Genau ein Jahr nach dem Start von Pegida – und damit viel zu spät – stellen sich nun alle im Bundestag vertretenen Parteien geschlossen gegen die Rassistenaufmärsche aus Dresden. Es wird öffentlich die Beobachtung durch den Verfassungsschutz gefordert. Während anfangs bis in die SPD hinein versucht wurde, Pegida als Gesprächpartner zu umwerben, wird jetzt Pegida von den ehemaligen Brautwerbern in die Ecke gestellt, wo sie seit Anfang an hingehört: ins rechtsradikale und rassistische Lager.
Interessant ist dabei, dass die Pegida-Rassisten Teile ihres Programms auf die Agenda setzen und durch die Große Koaltion umsetzen lassen konnten:
- eine deutliche Verschärfung des Asylgesetzes (unter Tolerierung der Grünen im Bundestag)
- Einführung so genannter Transitzonen (Flüchtlingsgefängnisse an den Grenzen)
Die rechtsradikale Bewegung konnte insgesamt an Stärke und Selbstbewusstsein gewinnen. Indikatoren dafür sind:
- eine rechte Normalität im Fernsehen, die sich in Dauerpräsenz der AfD in Talkshows manifestiert
- rechtsradikale Forderungen und rassistische Aussagen in der CSU
- Aufgreifen ihrer Themen (Asylbegrenzung) bis in die grüne Partei hinein (Palmer, Habeck)
- ein Dammbruch bei rassistischen Anschlägen und Straftaten
- Umfragewerte von 8% für Pegidas politischen Arm, die AfD (23.10. infratest dimap)
- eine zumindest vordergründige Einheit in der rechten Szene
Wenn man sich die Texte „Brief an alle alten Kämpfer“ und „Warum wir die Macht übernehmen müssen“ in der neurechten Postille „Blaue Narzisse“ durchliest, merkt man, dass Teile der Rechten vor Stärke kaum noch laufen können. Man wähnt sich am Beginn einer deutschen Revolution, es wird von der Machtübernahme geträumt und dass man sich darauf vorbereiten müsse eine Staatselite zu formen.
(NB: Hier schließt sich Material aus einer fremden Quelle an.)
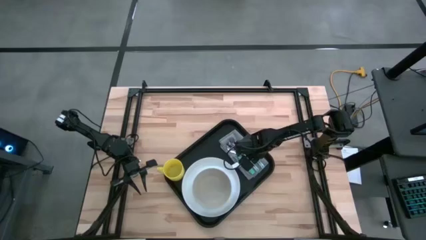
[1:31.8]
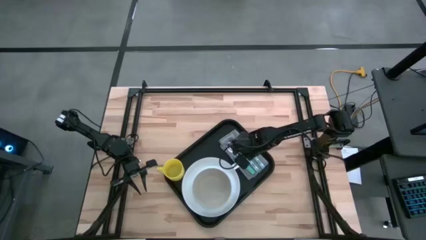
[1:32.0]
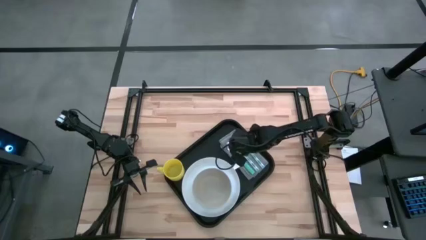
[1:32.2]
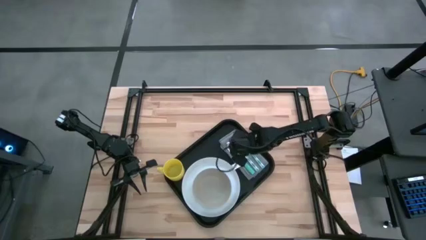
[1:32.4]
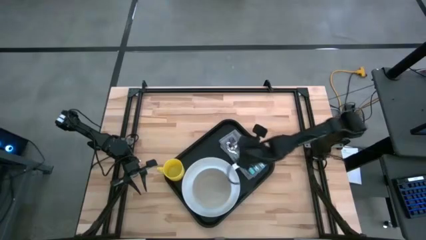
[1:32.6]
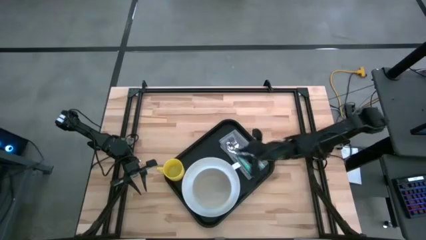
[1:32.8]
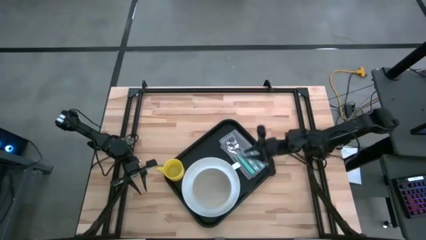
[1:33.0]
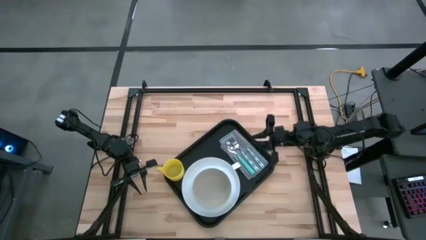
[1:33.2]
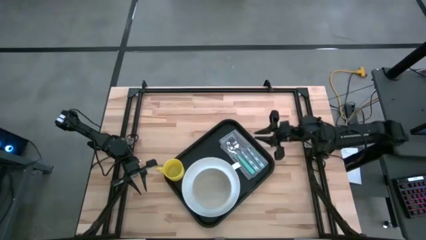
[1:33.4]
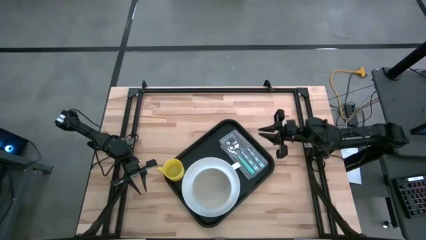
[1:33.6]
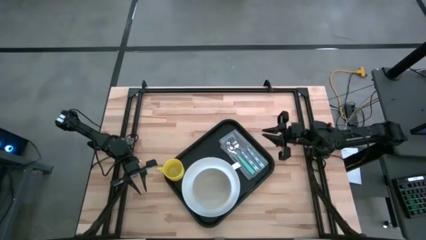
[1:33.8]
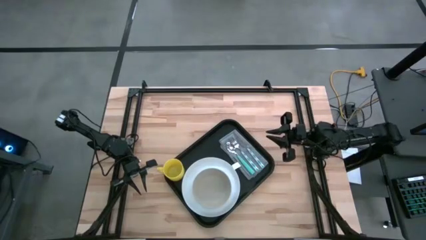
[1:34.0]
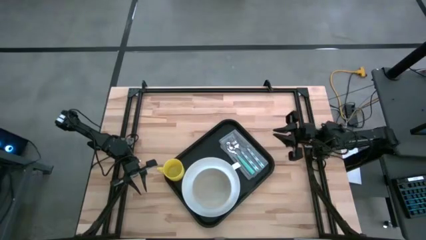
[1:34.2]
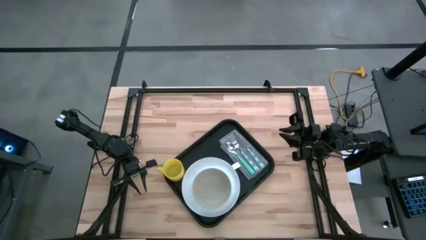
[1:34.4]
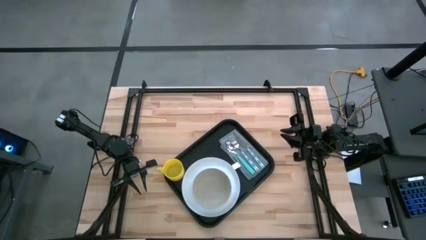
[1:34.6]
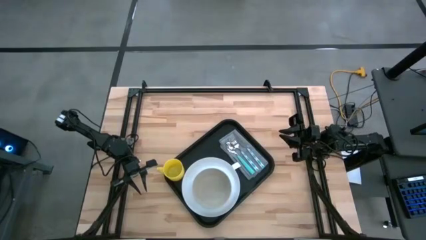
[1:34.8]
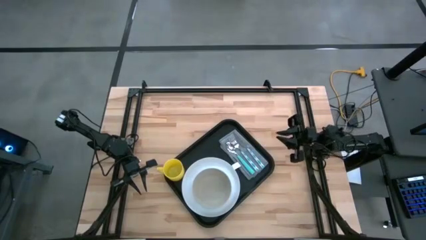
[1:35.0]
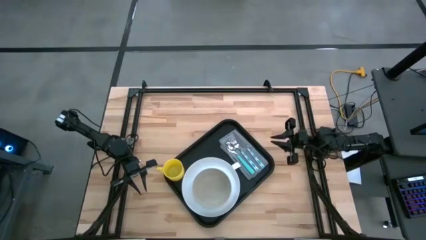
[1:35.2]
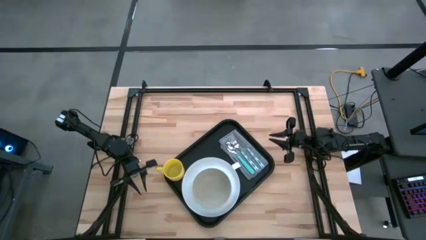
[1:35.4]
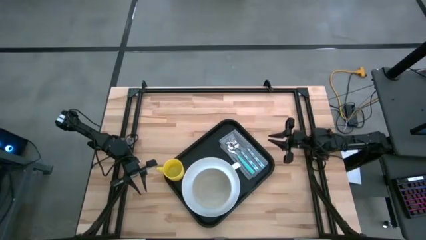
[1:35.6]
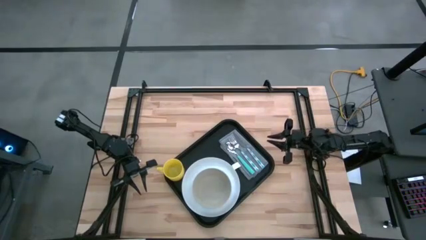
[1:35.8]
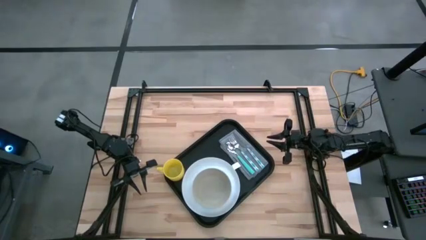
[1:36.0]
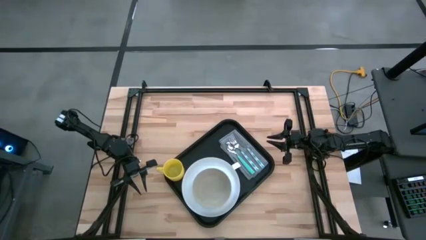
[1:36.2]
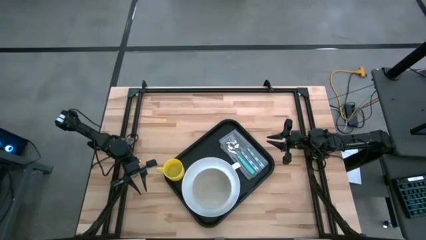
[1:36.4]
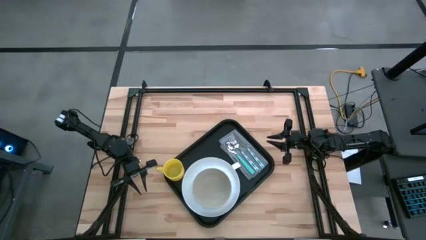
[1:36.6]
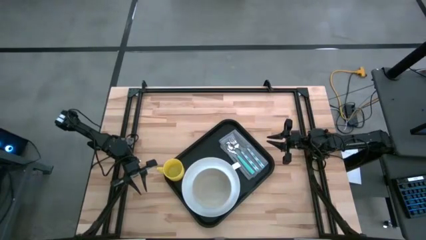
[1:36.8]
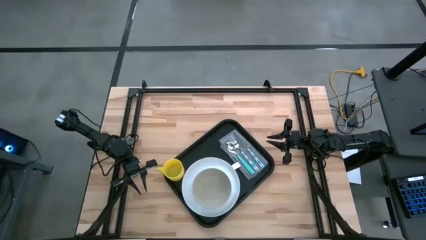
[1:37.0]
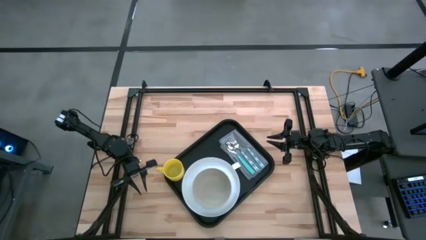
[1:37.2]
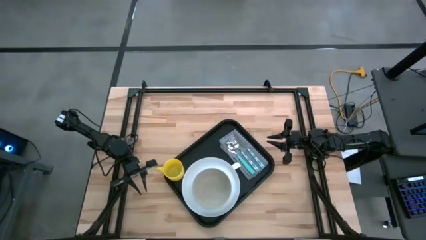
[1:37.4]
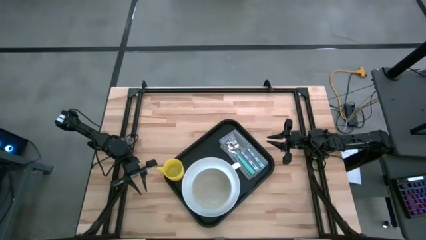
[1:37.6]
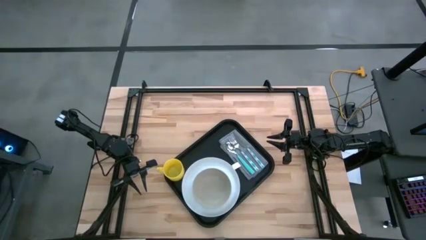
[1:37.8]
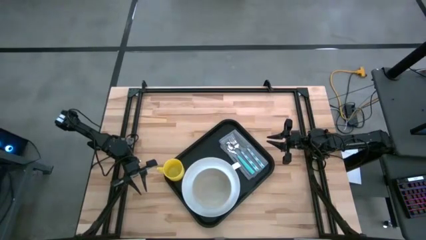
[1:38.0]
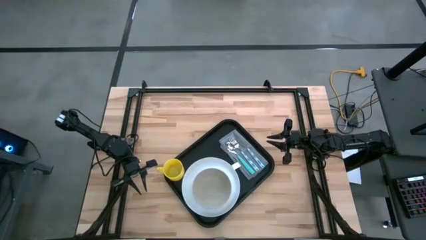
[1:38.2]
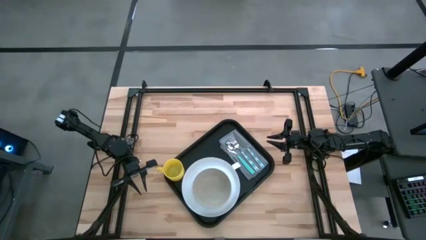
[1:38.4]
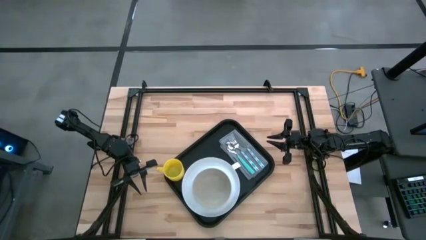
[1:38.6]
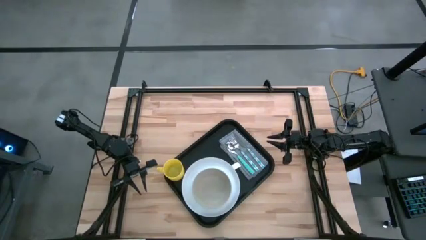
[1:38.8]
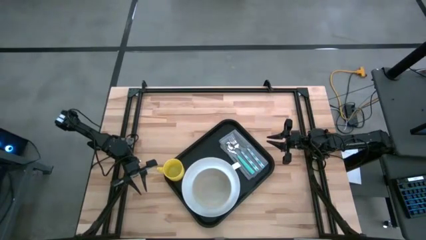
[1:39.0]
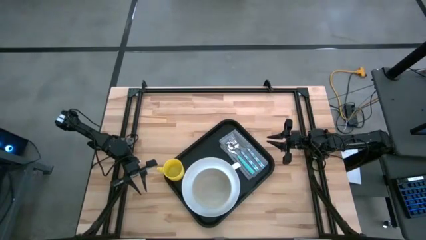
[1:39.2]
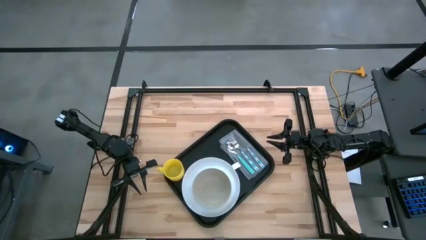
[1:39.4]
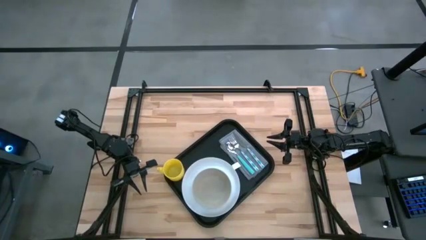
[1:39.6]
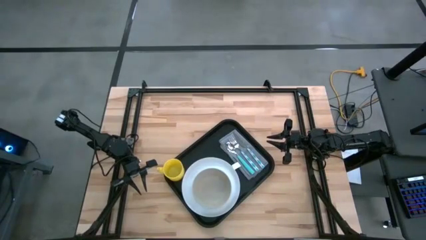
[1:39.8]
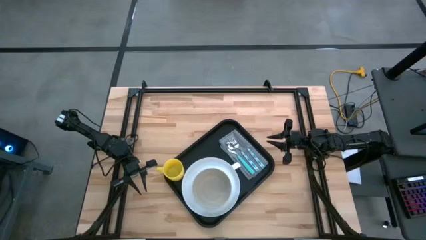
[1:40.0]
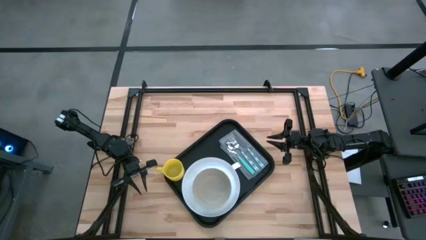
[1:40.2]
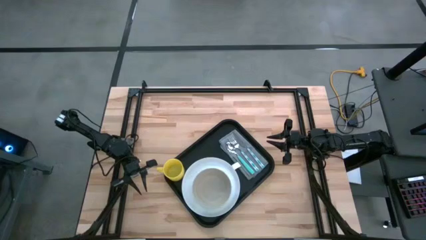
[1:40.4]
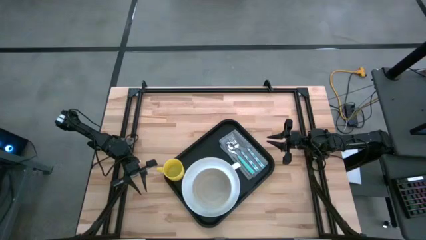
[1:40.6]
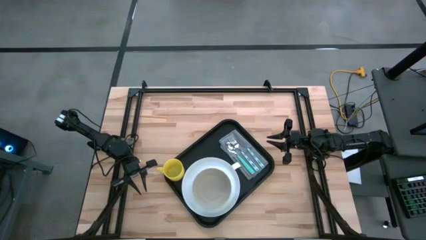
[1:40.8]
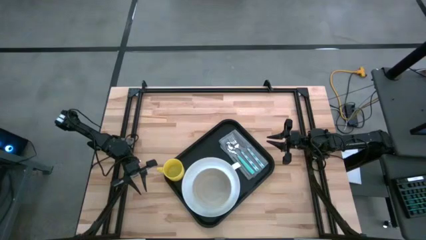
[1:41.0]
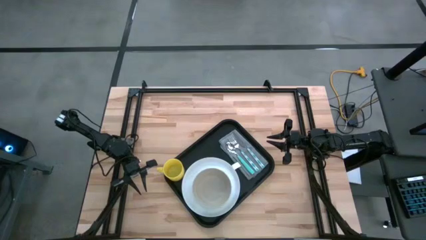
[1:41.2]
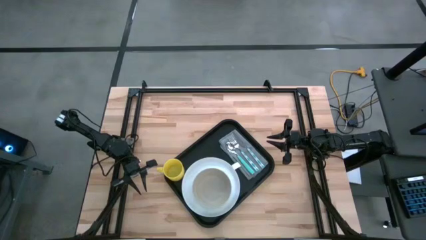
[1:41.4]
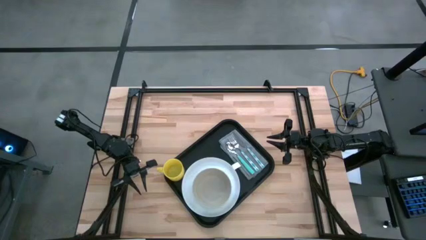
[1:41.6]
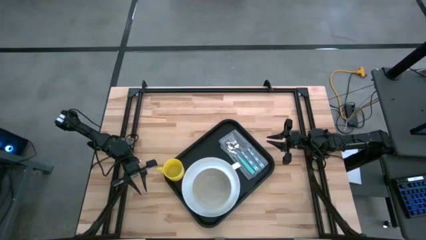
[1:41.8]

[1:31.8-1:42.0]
Task: Set up tray
Return to Home Position

Gleichzeitig appellieren die Autoren an die Geschlossenheit der Bewegung, fordern „alte Kämpfer“ zum Mitmachen auf und schreiben der AfD für diese Revolution eine entscheidende Rolle zu.
Die Strategie im rechten Lager hat sich geändert. Pegida und AfD vollstrecken das, was von der NPD mit ihrer Bürgerlichkeitsannäherung vor Jahren begonnen wurde:
- zumindest vordergründig soll auf rassistische und antisemitische Parolen verzichtet werden
- es wird mit den „Besorgten Bürgern“, die weiterhin häufig medial als Asylkritiker bezeichnet werden, auf bürgerliche Anschlusspunkte gesetzt
- ideologische Bezugspunkte beziehen sich auf die Zeit vor dem Nationalsozialismus (Konservative Revolution), weil das Dritte Reich nicht mehr für eine Massenbewegung taugt.
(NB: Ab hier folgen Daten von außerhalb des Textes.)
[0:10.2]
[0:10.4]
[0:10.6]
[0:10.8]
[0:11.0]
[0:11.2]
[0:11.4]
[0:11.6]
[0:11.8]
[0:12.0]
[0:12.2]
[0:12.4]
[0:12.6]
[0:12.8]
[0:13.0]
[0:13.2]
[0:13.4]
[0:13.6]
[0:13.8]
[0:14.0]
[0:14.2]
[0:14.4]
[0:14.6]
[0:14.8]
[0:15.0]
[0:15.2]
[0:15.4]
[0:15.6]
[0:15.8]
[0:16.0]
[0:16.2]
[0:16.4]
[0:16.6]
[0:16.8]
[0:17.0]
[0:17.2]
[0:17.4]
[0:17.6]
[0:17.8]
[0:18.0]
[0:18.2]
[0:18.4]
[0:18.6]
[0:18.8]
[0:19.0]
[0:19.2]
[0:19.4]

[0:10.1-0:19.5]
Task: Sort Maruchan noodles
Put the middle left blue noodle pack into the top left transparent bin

Das ist die eine Seite der Medaille. Die andere ist, wie es dazu kommen konnte. Die viel zu späte Abgrenzung zu Pegida sieht jetzt aus, wie ein „Danke für den Druck auf der Straße, den wir für eine härtere Asylgesetzgebung nutzen konnten – aber jetzt ist aber auch mal Schluss“. Pegida, AfD und die Oldschool-Nazis, die sich hinter ihnen verstecken, können sich über einen politischen Teilerfolg freuen – auch wenn jetzt die Daumenschrauben von politischer Ächtung, geheimdienstlicher Beobachtung und Repression angezogen werden. Eine verstetigte rechtsradikale Bewegung hat sich in diesem Land etabliert. Es ist nicht so, dass nicht viele Stimmen schon seit Langem genau davor gewarnt hätten.
Demo-Tipp:
Wer sich den Rassisten auf der Straße entgegenstellen will: Am 7. November plant die AfD den Höhepunkt ihrer „Herbstoffensive“, sie will mit 10.000 Menschen in Berlin demonstrieren. Es sind jede Menge Gegenaktivitäten angekündigt.